### Exercise objective:
Lines below that include the word "monastery" should each be copied.

### Available data:
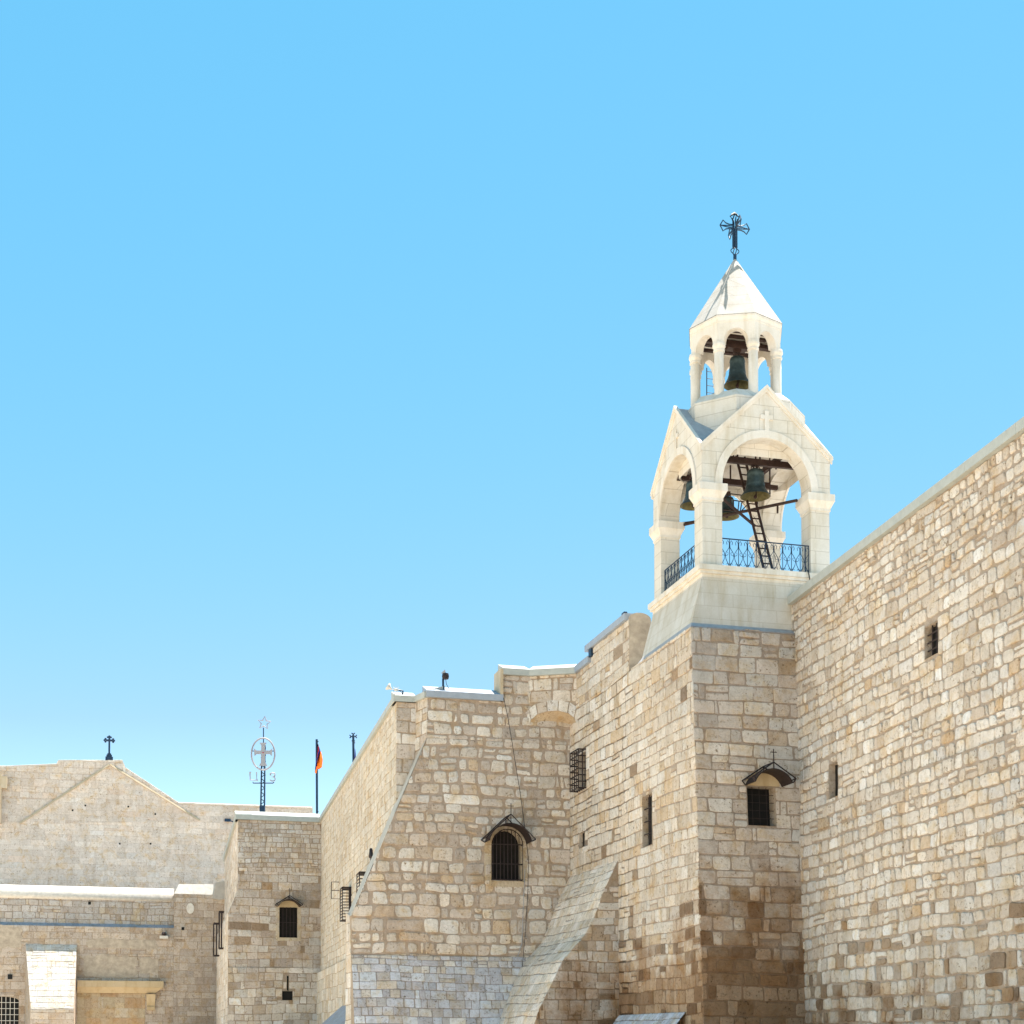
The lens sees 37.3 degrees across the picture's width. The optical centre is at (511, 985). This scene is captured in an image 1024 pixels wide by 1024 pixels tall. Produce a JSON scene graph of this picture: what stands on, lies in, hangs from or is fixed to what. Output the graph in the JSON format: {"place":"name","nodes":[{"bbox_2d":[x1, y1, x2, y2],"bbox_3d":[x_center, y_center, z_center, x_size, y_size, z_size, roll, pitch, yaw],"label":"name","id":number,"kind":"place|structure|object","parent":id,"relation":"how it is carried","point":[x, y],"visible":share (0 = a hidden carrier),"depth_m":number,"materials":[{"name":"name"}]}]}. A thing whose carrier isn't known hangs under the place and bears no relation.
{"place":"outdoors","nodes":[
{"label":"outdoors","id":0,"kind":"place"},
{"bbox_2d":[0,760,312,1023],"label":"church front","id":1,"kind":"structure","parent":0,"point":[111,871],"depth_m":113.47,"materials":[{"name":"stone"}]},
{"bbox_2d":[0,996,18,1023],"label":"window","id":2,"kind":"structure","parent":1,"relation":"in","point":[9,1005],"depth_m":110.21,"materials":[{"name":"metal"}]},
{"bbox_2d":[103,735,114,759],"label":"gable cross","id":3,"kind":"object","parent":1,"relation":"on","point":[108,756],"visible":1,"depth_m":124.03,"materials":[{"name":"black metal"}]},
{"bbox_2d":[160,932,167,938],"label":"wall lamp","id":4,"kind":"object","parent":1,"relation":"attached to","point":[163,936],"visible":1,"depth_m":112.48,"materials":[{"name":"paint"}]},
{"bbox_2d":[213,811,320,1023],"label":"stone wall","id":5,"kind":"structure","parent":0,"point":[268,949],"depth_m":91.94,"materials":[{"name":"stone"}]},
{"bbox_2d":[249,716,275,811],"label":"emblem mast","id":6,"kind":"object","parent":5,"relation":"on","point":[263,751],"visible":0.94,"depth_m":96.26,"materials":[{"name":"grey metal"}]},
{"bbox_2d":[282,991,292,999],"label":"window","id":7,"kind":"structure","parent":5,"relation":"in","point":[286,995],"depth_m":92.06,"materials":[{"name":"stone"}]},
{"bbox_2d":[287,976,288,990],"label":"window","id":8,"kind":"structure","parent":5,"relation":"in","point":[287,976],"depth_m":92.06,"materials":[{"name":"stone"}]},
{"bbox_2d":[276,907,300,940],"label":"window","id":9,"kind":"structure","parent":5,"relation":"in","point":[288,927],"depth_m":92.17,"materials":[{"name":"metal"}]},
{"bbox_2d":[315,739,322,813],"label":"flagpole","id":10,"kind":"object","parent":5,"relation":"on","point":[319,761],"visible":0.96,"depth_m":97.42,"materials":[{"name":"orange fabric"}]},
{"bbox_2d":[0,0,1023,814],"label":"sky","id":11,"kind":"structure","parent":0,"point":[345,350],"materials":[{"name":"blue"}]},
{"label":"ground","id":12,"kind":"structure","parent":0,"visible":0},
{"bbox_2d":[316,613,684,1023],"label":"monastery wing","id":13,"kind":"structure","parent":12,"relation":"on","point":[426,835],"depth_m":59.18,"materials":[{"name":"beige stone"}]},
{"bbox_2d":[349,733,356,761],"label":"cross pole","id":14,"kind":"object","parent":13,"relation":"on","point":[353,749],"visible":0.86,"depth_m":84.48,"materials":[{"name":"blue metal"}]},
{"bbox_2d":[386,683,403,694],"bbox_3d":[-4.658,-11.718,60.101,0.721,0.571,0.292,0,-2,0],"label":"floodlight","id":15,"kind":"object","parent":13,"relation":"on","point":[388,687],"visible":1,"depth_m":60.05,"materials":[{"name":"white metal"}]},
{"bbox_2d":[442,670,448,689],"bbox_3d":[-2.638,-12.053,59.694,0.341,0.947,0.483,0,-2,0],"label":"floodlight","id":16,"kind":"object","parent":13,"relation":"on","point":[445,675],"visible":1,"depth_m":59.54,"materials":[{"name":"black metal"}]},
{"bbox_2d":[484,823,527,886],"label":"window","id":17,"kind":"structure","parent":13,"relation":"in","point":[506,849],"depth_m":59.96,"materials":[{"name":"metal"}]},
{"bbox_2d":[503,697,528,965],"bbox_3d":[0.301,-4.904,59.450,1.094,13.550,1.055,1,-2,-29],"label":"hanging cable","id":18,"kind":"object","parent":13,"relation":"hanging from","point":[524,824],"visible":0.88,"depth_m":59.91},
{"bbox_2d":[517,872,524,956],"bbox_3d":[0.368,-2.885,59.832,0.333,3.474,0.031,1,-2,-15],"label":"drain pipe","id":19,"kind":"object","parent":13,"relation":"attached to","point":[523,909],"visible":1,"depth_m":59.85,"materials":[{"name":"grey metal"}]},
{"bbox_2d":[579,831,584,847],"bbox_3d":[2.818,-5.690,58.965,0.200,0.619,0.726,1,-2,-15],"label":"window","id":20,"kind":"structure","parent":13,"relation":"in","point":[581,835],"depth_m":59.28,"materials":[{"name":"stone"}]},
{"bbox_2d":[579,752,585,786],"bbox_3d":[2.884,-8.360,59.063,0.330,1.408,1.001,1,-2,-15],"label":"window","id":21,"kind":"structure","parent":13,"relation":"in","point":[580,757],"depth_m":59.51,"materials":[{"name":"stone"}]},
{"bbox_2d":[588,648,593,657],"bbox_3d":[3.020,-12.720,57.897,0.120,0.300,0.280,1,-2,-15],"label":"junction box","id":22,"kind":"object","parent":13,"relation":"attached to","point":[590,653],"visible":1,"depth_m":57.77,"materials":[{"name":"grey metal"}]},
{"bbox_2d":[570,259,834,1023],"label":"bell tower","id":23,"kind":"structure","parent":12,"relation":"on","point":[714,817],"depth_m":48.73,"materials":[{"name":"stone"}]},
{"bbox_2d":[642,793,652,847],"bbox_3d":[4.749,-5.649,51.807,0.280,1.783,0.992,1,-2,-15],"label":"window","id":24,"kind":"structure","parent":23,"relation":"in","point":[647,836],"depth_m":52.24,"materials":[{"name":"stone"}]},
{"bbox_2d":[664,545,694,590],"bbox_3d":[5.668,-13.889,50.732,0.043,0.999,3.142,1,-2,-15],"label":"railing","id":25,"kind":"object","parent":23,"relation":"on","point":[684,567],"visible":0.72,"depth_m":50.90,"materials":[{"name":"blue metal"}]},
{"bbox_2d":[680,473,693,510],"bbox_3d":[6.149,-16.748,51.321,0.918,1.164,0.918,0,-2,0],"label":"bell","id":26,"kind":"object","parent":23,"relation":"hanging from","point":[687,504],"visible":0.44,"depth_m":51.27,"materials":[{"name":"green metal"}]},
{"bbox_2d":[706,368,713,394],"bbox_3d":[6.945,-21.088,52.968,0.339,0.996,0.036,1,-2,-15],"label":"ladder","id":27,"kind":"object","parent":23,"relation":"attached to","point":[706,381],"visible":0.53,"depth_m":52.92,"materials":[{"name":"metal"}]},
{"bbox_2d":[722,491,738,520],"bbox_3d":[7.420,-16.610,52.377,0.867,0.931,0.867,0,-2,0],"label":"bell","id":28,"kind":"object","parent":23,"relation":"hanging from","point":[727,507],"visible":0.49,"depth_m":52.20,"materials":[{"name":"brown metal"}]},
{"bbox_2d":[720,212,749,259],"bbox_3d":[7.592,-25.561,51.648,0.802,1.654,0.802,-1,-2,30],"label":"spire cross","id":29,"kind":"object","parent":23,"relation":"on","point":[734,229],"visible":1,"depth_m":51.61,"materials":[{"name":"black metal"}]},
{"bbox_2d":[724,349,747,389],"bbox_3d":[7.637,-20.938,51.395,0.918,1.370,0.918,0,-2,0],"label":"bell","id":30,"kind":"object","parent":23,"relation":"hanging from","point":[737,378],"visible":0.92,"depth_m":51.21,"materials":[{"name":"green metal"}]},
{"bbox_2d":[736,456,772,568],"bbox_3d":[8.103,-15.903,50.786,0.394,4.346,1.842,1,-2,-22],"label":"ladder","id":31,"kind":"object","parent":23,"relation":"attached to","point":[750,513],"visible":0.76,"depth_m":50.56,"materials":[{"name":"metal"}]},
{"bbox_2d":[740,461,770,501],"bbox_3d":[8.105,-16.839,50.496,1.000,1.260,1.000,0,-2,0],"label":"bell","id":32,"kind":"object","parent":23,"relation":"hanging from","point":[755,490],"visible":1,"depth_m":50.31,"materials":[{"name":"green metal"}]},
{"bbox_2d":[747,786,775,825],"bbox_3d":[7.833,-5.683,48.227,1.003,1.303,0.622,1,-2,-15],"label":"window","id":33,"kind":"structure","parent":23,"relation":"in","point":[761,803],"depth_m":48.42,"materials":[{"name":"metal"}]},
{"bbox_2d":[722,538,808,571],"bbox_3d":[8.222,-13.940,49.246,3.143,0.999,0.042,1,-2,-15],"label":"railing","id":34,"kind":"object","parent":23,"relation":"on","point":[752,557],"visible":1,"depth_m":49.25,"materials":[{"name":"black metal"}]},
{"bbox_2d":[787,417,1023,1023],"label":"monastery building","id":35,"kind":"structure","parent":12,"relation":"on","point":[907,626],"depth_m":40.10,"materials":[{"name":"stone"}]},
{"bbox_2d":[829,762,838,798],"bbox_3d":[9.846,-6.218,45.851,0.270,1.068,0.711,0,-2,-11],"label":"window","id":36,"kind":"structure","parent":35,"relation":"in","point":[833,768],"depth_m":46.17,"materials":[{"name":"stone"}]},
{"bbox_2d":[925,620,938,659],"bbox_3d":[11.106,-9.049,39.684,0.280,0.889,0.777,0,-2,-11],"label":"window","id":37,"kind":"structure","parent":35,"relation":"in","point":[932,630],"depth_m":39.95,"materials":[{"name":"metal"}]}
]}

### Written reply:
{"bbox_2d":[316,613,684,1023],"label":"monastery wing","id":13,"kind":"structure","parent":12,"relation":"on","point":[426,835],"depth_m":59.18,"materials":[{"name":"beige stone"}]},
{"bbox_2d":[787,417,1023,1023],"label":"monastery building","id":35,"kind":"structure","parent":12,"relation":"on","point":[907,626],"depth_m":40.10,"materials":[{"name":"stone"}]},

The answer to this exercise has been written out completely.